* Information provided:
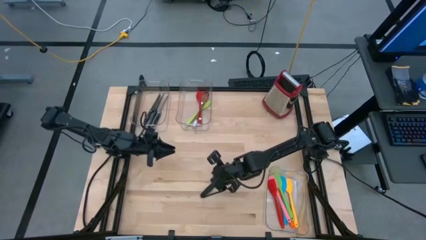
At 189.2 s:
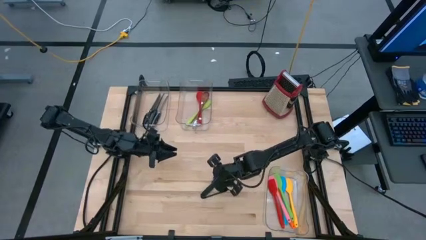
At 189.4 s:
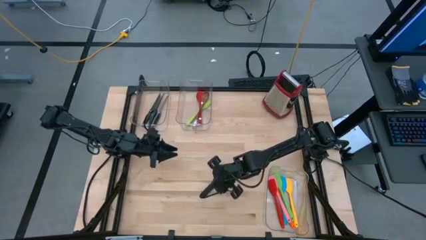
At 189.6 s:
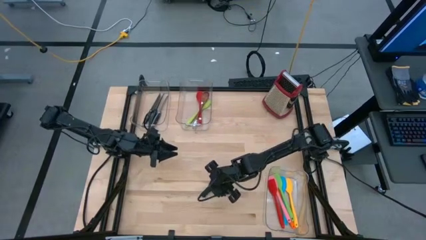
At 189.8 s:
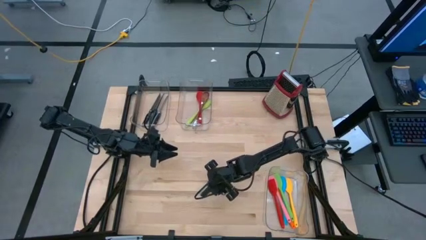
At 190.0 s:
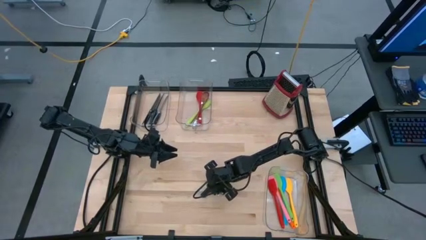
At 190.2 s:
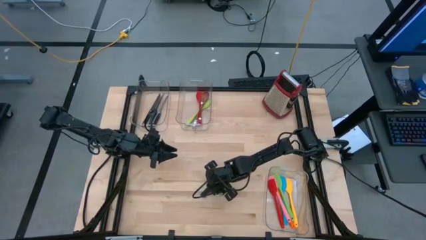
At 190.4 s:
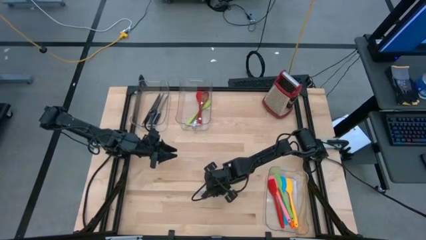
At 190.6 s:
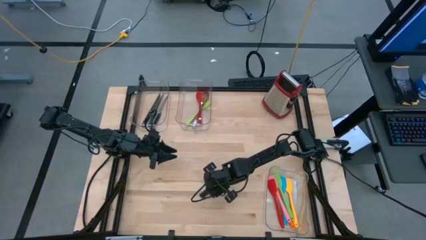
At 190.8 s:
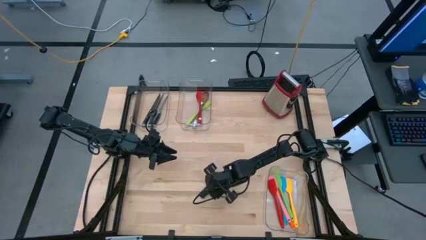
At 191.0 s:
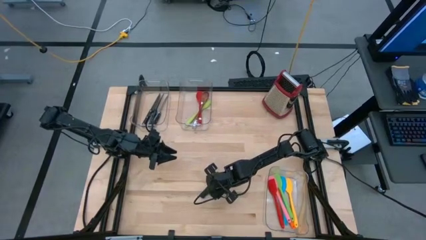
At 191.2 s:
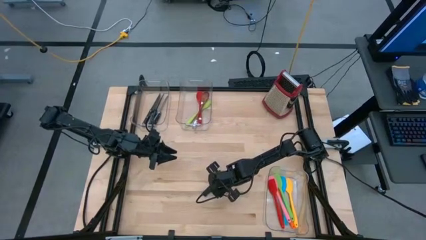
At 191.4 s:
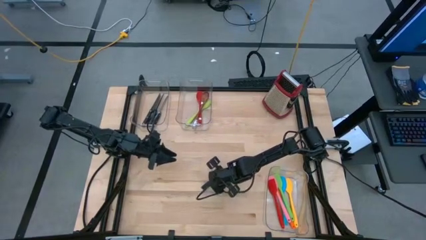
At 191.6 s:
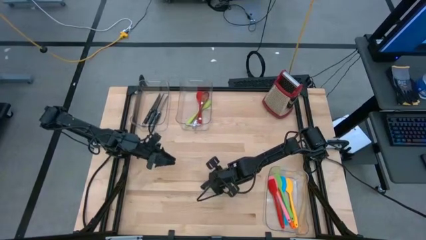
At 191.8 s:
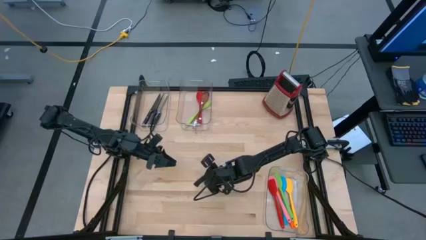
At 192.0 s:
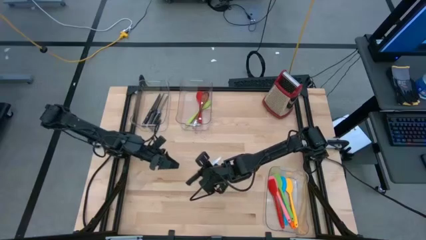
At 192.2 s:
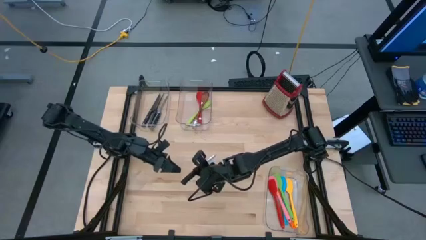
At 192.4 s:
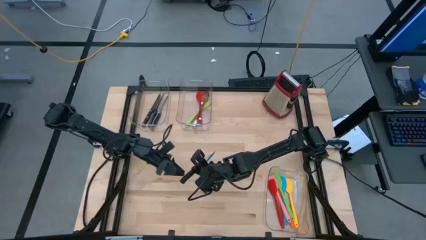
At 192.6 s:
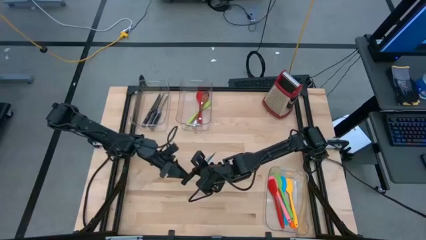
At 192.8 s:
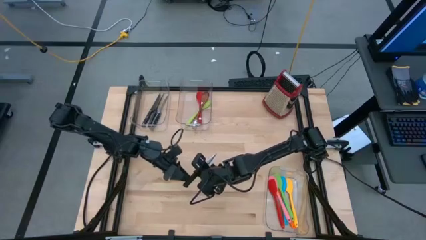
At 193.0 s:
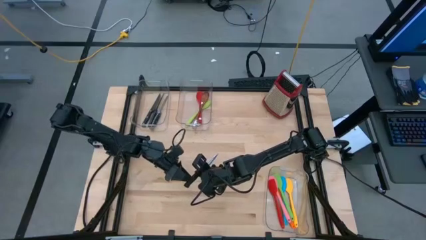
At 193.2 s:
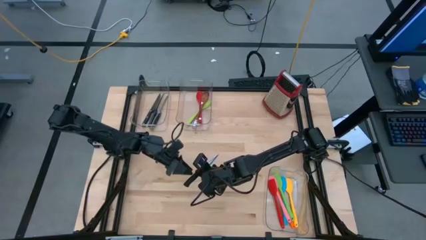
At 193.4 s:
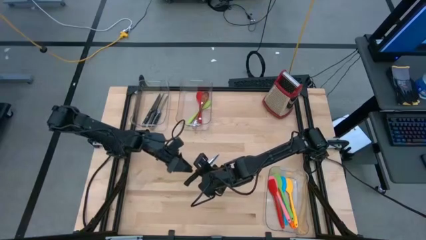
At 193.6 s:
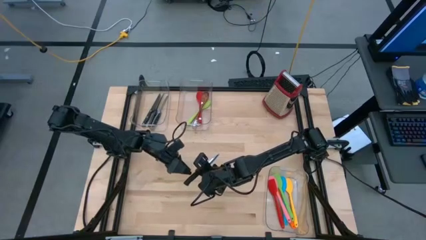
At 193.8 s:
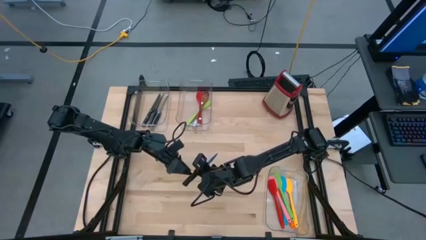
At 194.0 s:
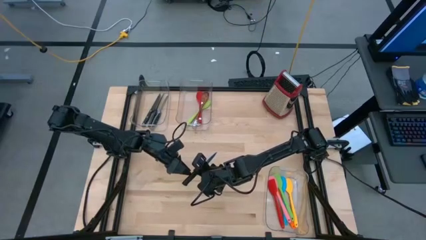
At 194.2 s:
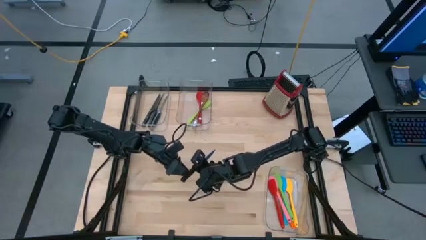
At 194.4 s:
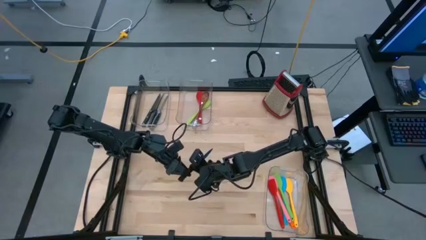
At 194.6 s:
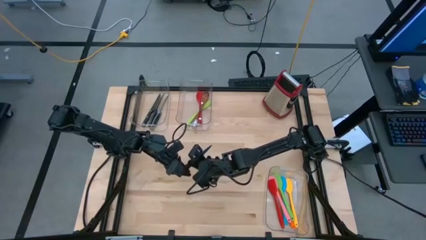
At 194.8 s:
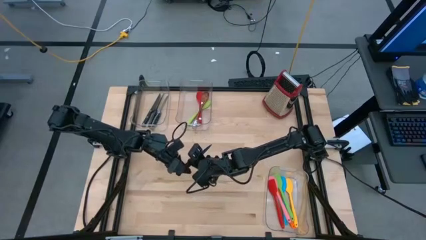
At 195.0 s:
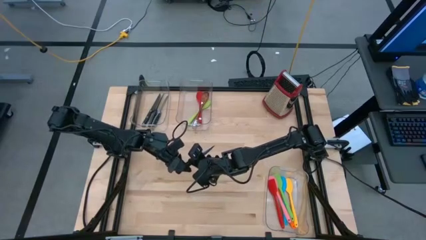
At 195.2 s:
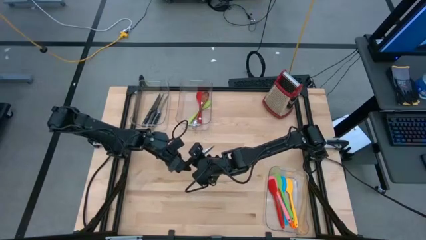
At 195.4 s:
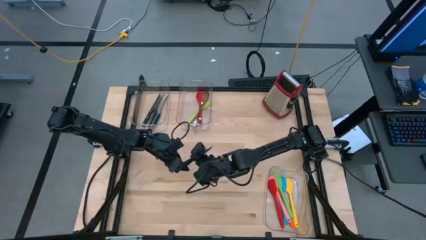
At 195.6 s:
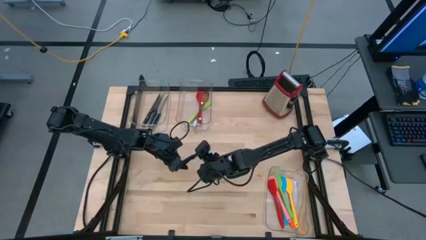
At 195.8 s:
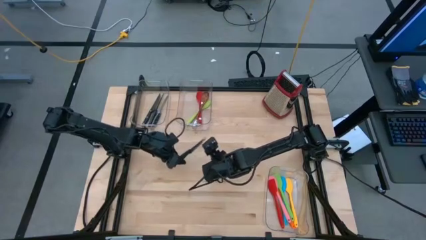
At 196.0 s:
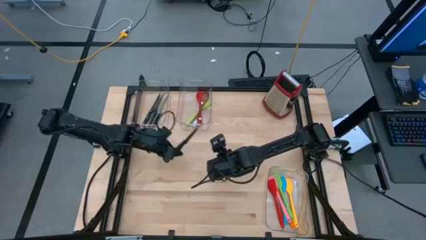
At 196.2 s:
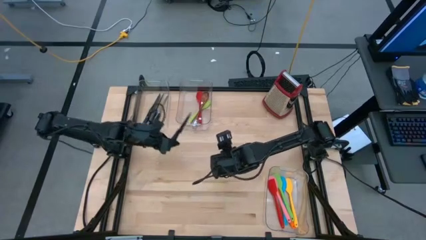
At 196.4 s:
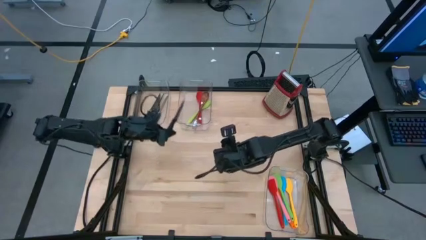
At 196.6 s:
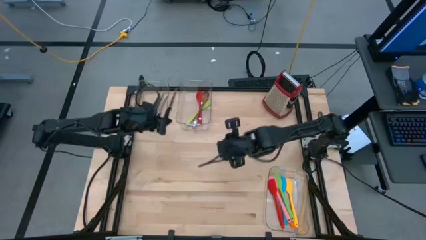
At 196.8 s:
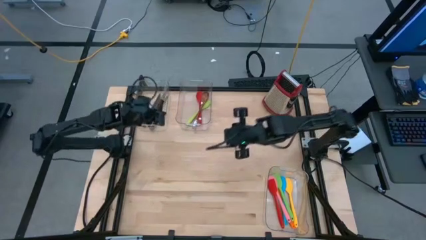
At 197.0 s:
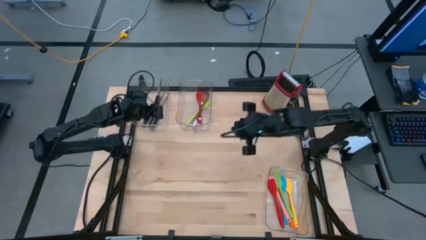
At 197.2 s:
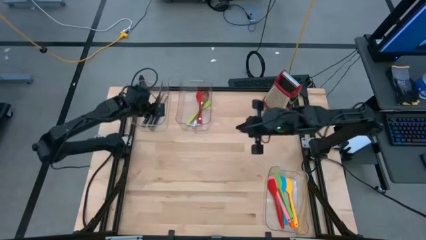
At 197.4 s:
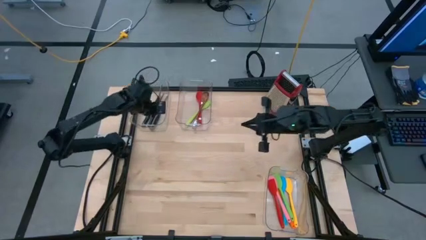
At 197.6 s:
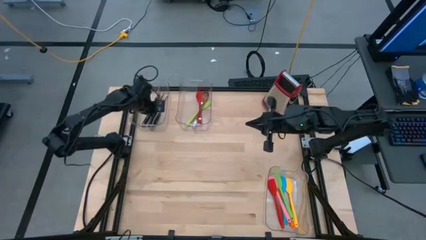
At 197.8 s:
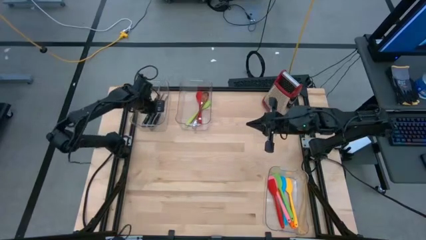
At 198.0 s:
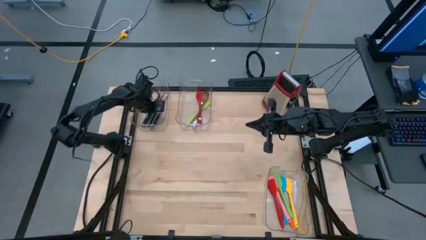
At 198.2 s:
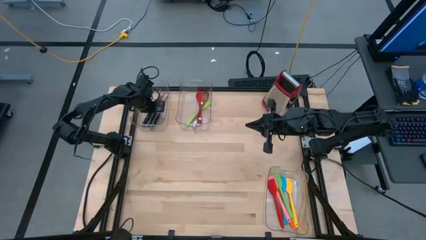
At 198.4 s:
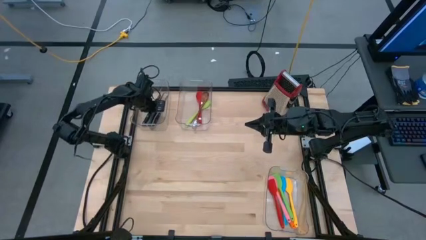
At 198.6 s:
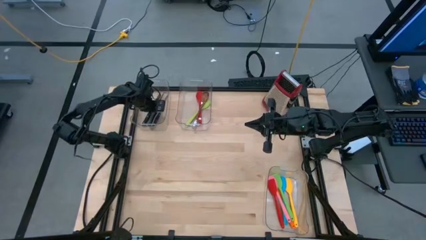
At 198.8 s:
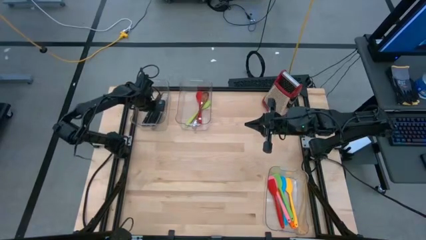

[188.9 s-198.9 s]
Task: Pick & Place Kitchen Items
Put the black knife into the top left transparent bin

* Task description: Return the whole listing exactly, minus its pictures.

* Response to the exercise:
At 189.2 s:
At 189.4 s:
At 189.6 s:
At 189.8 s:
At 190.0 s:
At 190.2 s:
At 190.4 s:
At 190.6 s:
At 190.8 s:
At 191.0 s:
At 191.2 s:
At 191.4 s:
At 191.6 s:
At 191.8 s:
At 192.0 s:
At 192.2 s:
At 192.4 s:
At 192.6 s:
At 192.8 s:
At 193.0 s:
At 193.2 s:
At 193.4 s:
At 193.6 s:
At 193.8 s:
At 194.0 s:
At 194.2 s:
At 194.4 s:
At 194.6 s:
At 194.8 s:
At 195.0 s:
At 195.2 s:
At 195.4 s:
At 195.6 s:
At 195.8 s:
At 196.0 s:
At 196.2 s:
At 196.4 s:
At 196.6 s:
At 196.8 s:
At 197.0 s:
At 197.2 s:
At 197.4 s:
At 197.6 s:
At 197.8 s:
At 198.0 s:
At 198.2 s:
At 198.4 s:
At 198.6 s:
At 198.8 s:

[188.9 s-198.9 s]
Task: Pick & Place Kitchen Items
Put the black knife into the top left transparent bin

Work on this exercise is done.